Work required:
Which lines of the entries below contain the string "opacity"? Copy each one.

Available data:
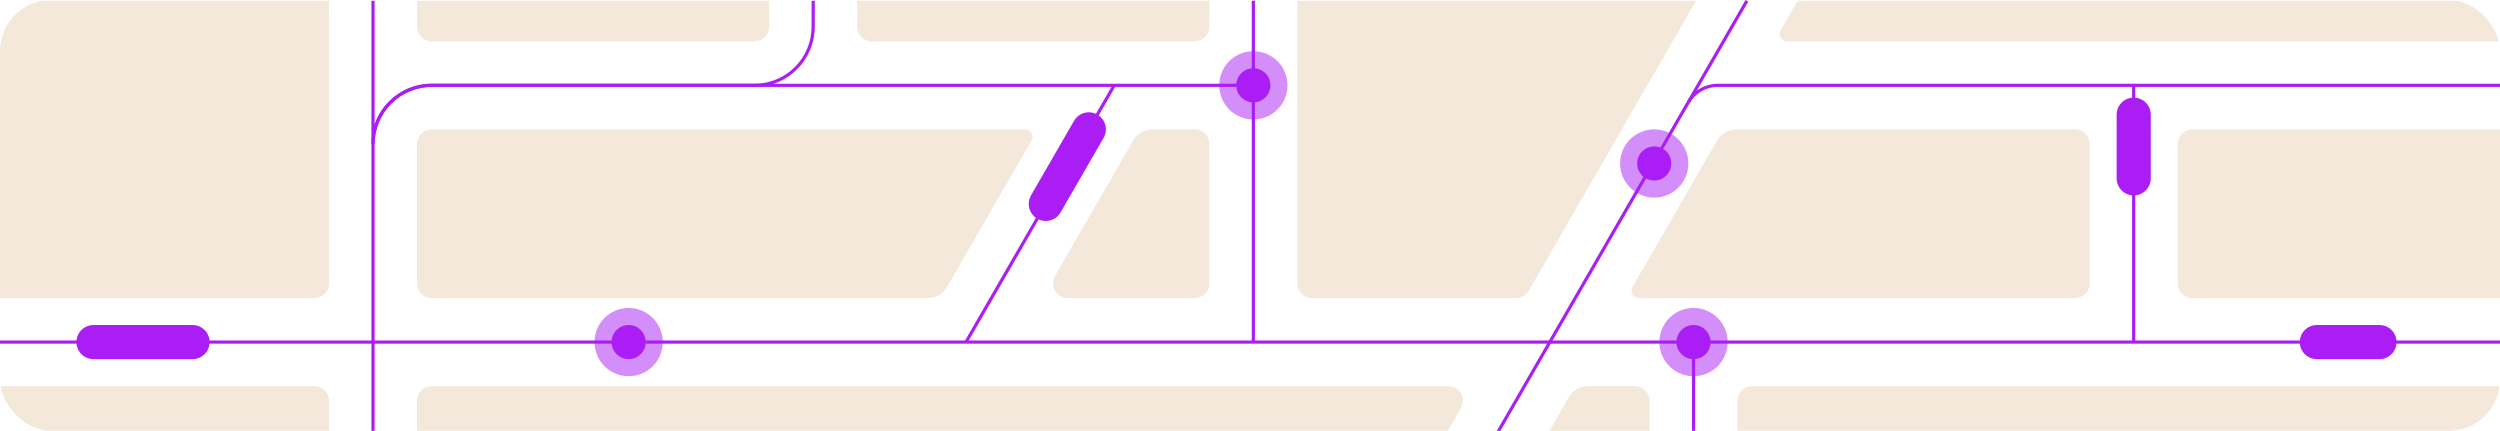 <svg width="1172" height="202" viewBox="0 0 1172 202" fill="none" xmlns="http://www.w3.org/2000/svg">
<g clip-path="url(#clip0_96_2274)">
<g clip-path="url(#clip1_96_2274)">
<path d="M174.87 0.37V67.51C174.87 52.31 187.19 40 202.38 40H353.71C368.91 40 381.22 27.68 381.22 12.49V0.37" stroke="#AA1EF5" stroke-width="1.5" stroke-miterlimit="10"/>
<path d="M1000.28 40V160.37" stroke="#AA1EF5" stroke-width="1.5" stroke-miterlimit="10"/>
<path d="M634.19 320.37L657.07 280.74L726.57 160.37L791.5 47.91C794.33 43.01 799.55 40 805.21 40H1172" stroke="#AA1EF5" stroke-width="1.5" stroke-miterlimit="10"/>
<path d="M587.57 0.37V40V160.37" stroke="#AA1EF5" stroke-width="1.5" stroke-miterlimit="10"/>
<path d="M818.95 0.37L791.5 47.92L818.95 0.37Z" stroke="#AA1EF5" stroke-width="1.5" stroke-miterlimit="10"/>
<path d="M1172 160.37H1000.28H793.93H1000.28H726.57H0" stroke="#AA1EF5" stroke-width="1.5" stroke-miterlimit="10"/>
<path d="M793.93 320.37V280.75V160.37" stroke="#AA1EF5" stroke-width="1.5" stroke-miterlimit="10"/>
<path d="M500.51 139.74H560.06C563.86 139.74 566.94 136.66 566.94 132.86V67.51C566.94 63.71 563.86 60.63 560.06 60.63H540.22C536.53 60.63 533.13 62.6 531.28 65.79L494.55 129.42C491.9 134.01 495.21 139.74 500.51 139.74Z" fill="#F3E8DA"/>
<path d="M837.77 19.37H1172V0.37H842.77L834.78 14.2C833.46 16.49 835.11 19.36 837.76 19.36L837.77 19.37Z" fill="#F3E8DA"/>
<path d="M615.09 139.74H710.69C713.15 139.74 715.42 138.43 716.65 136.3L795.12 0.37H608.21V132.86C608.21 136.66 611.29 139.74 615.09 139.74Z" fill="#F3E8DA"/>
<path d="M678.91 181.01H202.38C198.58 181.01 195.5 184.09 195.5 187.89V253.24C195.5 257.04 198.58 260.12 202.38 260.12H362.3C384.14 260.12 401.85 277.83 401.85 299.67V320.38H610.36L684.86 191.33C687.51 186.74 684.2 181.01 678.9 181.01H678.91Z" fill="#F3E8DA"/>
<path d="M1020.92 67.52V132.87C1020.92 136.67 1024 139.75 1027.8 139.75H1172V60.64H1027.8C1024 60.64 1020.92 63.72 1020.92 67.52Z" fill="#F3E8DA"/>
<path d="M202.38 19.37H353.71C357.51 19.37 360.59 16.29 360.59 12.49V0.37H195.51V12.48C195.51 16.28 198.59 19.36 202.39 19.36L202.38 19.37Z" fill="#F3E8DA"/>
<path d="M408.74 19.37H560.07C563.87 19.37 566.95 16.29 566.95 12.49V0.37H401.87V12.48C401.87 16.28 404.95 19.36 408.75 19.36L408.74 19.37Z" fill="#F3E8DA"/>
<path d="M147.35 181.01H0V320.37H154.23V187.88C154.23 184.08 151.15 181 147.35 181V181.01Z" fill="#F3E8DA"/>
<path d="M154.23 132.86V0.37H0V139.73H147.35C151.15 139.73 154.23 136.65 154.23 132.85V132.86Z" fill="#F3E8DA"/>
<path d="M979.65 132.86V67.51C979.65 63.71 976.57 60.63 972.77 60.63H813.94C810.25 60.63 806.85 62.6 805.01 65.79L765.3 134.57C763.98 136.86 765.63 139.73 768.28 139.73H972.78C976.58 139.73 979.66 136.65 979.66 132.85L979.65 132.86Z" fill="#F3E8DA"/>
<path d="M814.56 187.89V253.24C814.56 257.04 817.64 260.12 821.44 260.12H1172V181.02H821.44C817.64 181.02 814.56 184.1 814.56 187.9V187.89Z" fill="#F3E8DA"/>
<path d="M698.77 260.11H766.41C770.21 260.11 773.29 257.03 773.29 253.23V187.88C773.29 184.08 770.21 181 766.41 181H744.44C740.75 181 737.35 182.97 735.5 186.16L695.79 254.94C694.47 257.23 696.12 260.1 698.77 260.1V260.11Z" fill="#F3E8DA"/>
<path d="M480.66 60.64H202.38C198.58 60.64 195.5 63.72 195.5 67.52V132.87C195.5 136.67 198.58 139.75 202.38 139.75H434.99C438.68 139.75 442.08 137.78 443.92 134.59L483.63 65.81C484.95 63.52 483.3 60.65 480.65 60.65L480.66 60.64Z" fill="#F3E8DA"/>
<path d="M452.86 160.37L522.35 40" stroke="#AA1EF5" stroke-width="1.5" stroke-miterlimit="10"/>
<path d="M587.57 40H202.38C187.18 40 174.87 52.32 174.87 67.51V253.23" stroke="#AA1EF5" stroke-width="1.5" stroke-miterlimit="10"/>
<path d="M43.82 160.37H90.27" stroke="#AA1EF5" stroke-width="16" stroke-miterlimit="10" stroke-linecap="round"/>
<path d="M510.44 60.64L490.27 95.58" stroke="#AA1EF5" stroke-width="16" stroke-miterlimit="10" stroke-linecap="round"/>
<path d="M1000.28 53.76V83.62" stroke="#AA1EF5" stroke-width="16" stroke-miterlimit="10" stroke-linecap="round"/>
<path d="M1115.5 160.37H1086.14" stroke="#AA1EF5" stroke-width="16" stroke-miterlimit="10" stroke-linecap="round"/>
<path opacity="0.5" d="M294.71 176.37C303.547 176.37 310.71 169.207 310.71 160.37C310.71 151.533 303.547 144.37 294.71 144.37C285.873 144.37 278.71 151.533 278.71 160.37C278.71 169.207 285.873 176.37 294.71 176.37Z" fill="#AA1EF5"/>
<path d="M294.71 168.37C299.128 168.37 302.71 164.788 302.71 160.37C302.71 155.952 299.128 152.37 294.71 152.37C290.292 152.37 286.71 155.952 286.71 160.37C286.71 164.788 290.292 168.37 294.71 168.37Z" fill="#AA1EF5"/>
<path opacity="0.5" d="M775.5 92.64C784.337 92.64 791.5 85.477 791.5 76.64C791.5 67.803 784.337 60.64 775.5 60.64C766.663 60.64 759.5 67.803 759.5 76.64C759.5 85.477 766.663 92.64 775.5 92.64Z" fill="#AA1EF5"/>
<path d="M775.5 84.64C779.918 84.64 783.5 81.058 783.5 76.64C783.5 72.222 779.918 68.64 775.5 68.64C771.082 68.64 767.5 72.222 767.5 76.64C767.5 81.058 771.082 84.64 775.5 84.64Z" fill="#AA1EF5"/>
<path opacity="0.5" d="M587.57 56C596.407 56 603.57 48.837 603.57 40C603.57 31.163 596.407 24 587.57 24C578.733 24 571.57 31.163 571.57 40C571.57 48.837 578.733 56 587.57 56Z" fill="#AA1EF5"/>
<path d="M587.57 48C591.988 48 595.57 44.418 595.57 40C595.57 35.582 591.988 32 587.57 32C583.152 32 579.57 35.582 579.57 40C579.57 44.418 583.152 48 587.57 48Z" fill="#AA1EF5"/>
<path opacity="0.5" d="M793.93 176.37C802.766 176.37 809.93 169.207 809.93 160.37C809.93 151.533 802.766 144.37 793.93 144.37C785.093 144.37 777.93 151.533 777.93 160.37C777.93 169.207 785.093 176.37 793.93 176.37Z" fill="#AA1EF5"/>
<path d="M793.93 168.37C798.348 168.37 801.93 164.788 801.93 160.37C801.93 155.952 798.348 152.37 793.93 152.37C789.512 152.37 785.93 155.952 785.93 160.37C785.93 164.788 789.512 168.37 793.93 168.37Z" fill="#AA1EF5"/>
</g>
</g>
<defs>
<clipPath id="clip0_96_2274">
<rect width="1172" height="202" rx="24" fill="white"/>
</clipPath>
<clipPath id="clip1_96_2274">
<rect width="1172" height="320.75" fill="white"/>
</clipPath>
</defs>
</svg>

Solution below:
<path opacity="0.5" d="M294.71 176.37C303.547 176.37 310.71 169.207 310.71 160.37C310.71 151.533 303.547 144.37 294.71 144.37C285.873 144.37 278.71 151.533 278.71 160.37C278.71 169.207 285.873 176.37 294.71 176.37Z" fill="#AA1EF5"/>
<path opacity="0.5" d="M775.5 92.64C784.337 92.64 791.5 85.477 791.5 76.64C791.5 67.803 784.337 60.64 775.5 60.64C766.663 60.64 759.5 67.803 759.5 76.64C759.5 85.477 766.663 92.64 775.5 92.64Z" fill="#AA1EF5"/>
<path opacity="0.5" d="M587.57 56C596.407 56 603.57 48.837 603.57 40C603.57 31.163 596.407 24 587.57 24C578.733 24 571.57 31.163 571.57 40C571.57 48.837 578.733 56 587.57 56Z" fill="#AA1EF5"/>
<path opacity="0.5" d="M793.93 176.37C802.766 176.37 809.93 169.207 809.93 160.37C809.93 151.533 802.766 144.37 793.93 144.37C785.093 144.37 777.93 151.533 777.93 160.37C777.93 169.207 785.093 176.37 793.93 176.37Z" fill="#AA1EF5"/>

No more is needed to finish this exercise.